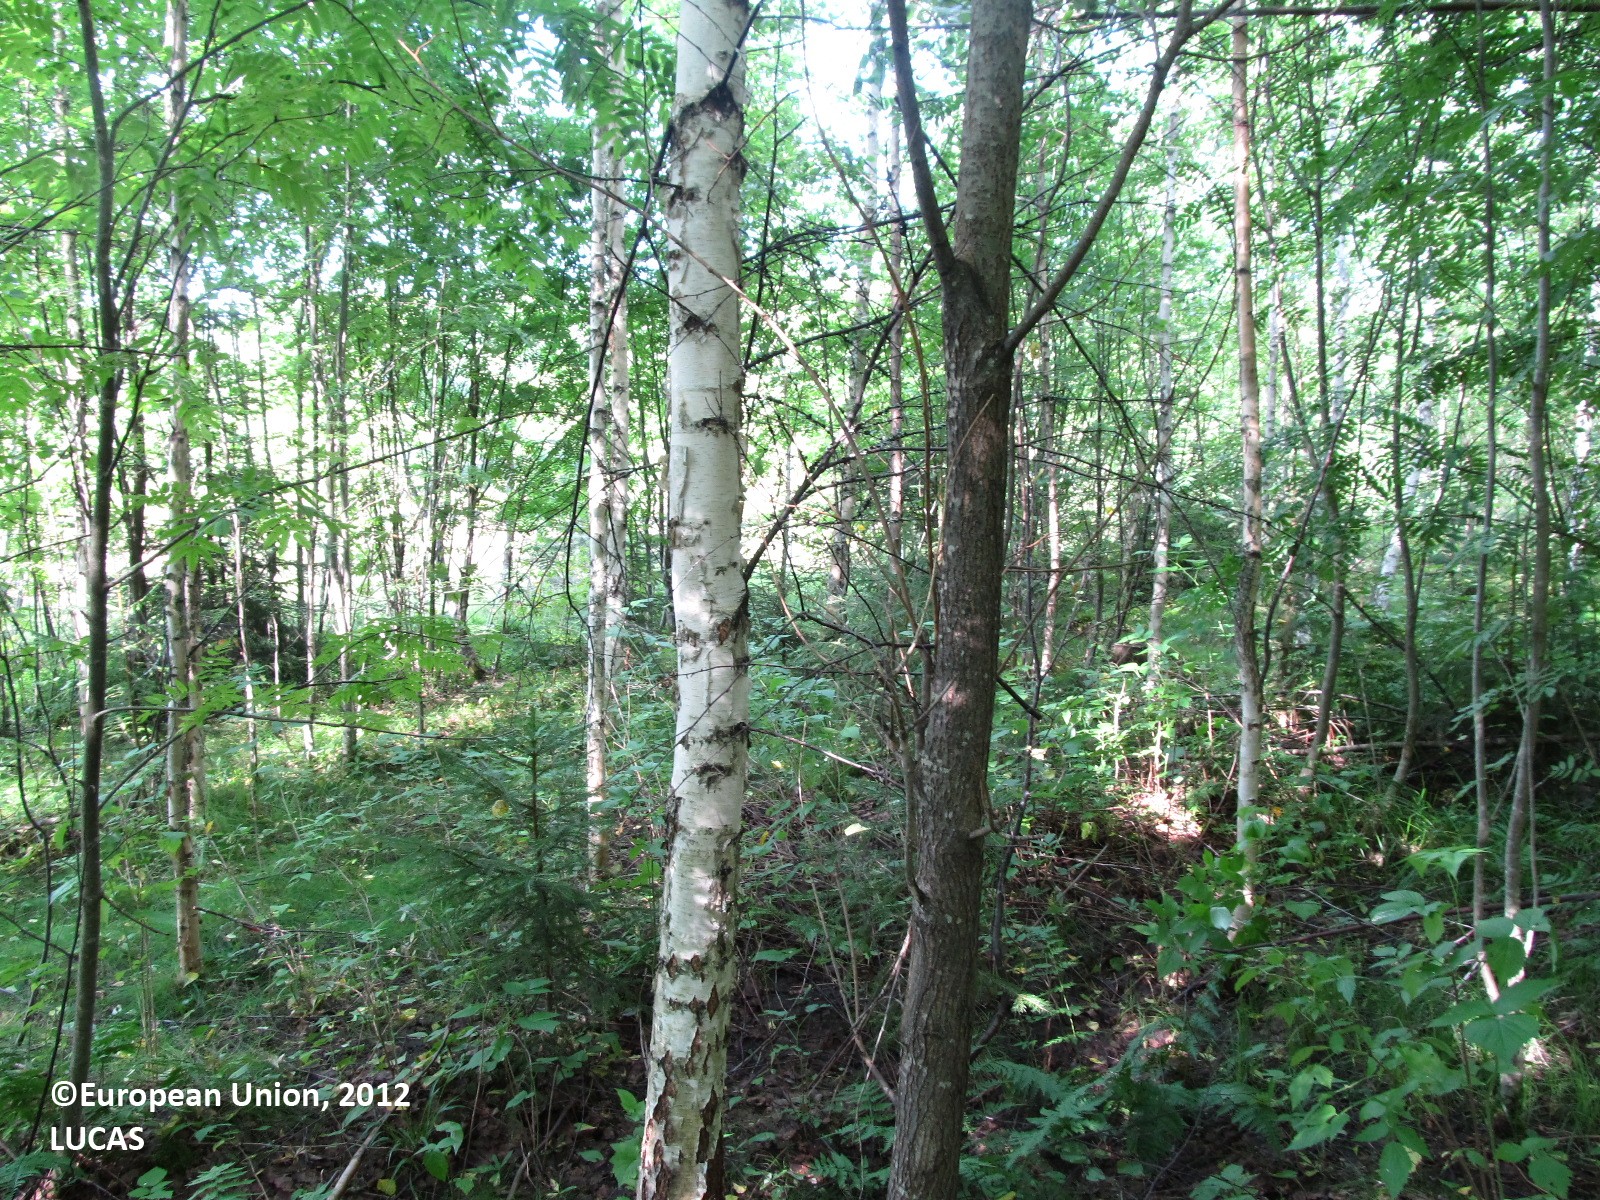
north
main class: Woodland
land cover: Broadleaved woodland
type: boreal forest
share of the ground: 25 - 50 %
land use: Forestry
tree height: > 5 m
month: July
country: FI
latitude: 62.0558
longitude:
------------------------------------------------------------
Leaving the images out, retype all the material above exactly.

▶ **Answer box**:
north
main class: Woodland
land cover: Broadleaved woodland
type: boreal forest
share of the ground: 25 - 50 %
land use: Forestry
tree height: > 5 m
month: July
country: FI
latitude: 62.0558
longitude:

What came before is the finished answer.